• _Data excerpts_
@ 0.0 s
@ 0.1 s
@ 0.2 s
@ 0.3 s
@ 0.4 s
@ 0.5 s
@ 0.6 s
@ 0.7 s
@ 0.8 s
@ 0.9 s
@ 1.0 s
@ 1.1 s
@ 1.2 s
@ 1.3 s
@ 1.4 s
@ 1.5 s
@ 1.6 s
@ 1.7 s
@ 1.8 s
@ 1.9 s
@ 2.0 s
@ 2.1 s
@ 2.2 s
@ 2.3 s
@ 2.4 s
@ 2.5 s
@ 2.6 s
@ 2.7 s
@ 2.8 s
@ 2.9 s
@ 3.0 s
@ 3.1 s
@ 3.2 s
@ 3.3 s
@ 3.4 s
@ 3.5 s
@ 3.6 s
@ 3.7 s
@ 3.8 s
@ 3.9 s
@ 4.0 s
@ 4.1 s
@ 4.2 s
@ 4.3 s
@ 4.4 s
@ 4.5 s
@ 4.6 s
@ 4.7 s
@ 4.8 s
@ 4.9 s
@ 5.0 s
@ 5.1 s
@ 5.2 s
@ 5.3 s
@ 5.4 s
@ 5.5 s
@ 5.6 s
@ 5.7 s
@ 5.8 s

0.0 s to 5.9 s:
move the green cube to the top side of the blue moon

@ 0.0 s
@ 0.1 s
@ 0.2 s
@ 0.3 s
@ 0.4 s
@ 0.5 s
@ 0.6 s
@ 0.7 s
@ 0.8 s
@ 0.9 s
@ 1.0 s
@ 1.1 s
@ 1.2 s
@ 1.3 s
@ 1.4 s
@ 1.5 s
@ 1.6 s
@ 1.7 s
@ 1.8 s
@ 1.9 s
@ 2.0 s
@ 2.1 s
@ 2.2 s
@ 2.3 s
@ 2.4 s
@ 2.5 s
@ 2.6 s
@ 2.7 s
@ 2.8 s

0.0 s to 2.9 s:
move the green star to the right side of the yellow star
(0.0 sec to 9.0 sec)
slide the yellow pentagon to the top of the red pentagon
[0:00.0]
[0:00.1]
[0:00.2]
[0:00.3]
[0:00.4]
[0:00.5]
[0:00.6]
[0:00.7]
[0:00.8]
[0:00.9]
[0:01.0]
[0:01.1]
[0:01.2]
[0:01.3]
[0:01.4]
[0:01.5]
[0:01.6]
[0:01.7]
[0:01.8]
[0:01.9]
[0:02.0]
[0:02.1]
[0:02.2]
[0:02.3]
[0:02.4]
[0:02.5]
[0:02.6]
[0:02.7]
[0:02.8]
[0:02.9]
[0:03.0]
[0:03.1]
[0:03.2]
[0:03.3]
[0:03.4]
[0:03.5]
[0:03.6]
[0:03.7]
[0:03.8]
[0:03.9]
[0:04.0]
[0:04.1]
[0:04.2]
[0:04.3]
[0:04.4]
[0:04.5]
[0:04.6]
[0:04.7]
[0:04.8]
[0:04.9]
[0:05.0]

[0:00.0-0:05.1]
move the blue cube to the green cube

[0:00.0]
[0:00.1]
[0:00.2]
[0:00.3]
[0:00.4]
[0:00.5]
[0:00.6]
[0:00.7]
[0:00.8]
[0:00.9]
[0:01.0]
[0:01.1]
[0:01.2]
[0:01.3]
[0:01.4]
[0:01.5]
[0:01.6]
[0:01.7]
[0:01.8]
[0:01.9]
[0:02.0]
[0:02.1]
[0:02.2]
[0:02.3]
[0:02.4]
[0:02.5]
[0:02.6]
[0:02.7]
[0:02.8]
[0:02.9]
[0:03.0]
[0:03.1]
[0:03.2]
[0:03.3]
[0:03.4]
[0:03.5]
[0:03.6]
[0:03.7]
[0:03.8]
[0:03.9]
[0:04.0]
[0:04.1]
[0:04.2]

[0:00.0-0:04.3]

• _Directions for this task_
Set down the full listing once more, exactly as written.

• _Final answer_
@ 0.0 s
@ 0.1 s
@ 0.2 s
@ 0.3 s
@ 0.4 s
@ 0.5 s
@ 0.6 s
@ 0.7 s
@ 0.8 s
@ 0.9 s
@ 1.0 s
@ 1.1 s
@ 1.2 s
@ 1.3 s
@ 1.4 s
@ 1.5 s
@ 1.6 s
@ 1.7 s
@ 1.8 s
@ 1.9 s
@ 2.0 s
@ 2.1 s
@ 2.2 s
@ 2.3 s
@ 2.4 s
@ 2.5 s
@ 2.6 s
@ 2.7 s
@ 2.8 s
@ 2.9 s
@ 3.0 s
@ 3.1 s
@ 3.2 s
@ 3.3 s
@ 3.4 s
@ 3.5 s
@ 3.6 s
@ 3.7 s
@ 3.8 s
@ 3.9 s
@ 4.0 s
@ 4.1 s
@ 4.2 s
@ 4.3 s
@ 4.4 s
@ 4.5 s
@ 4.6 s
@ 4.7 s
@ 4.8 s
@ 4.9 s
@ 5.0 s
@ 5.1 s
@ 5.2 s
@ 5.3 s
@ 5.4 s
@ 5.5 s
@ 5.6 s
@ 5.7 s
@ 5.8 s

0.0 s to 5.9 s:
move the green cube to the top side of the blue moon

@ 0.0 s
@ 0.1 s
@ 0.2 s
@ 0.3 s
@ 0.4 s
@ 0.5 s
@ 0.6 s
@ 0.7 s
@ 0.8 s
@ 0.9 s
@ 1.0 s
@ 1.1 s
@ 1.2 s
@ 1.3 s
@ 1.4 s
@ 1.5 s
@ 1.6 s
@ 1.7 s
@ 1.8 s
@ 1.9 s
@ 2.0 s
@ 2.1 s
@ 2.2 s
@ 2.3 s
@ 2.4 s
@ 2.5 s
@ 2.6 s
@ 2.7 s
@ 2.8 s

0.0 s to 2.9 s:
move the green star to the right side of the yellow star
(0.0 sec to 9.0 sec)
slide the yellow pentagon to the top of the red pentagon
[0:00.0]
[0:00.1]
[0:00.2]
[0:00.3]
[0:00.4]
[0:00.5]
[0:00.6]
[0:00.7]
[0:00.8]
[0:00.9]
[0:01.0]
[0:01.1]
[0:01.2]
[0:01.3]
[0:01.4]
[0:01.5]
[0:01.6]
[0:01.7]
[0:01.8]
[0:01.9]
[0:02.0]
[0:02.1]
[0:02.2]
[0:02.3]
[0:02.4]
[0:02.5]
[0:02.6]
[0:02.7]
[0:02.8]
[0:02.9]
[0:03.0]
[0:03.1]
[0:03.2]
[0:03.3]
[0:03.4]
[0:03.5]
[0:03.6]
[0:03.7]
[0:03.8]
[0:03.9]
[0:04.0]
[0:04.1]
[0:04.2]
[0:04.3]
[0:04.4]
[0:04.5]
[0:04.6]
[0:04.7]
[0:04.8]
[0:04.9]
[0:05.0]

[0:00.0-0:05.1]
move the blue cube to the green cube

[0:00.0]
[0:00.1]
[0:00.2]
[0:00.3]
[0:00.4]
[0:00.5]
[0:00.6]
[0:00.7]
[0:00.8]
[0:00.9]
[0:01.0]
[0:01.1]
[0:01.2]
[0:01.3]
[0:01.4]
[0:01.5]
[0:01.6]
[0:01.7]
[0:01.8]
[0:01.9]
[0:02.0]
[0:02.1]
[0:02.2]
[0:02.3]
[0:02.4]
[0:02.5]
[0:02.6]
[0:02.7]
[0:02.8]
[0:02.9]
[0:03.0]
[0:03.1]
[0:03.2]
[0:03.3]
[0:03.4]
[0:03.5]
[0:03.6]
[0:03.7]
[0:03.8]
[0:03.9]
[0:04.0]
[0:04.1]
[0:04.2]

[0:00.0-0:04.3]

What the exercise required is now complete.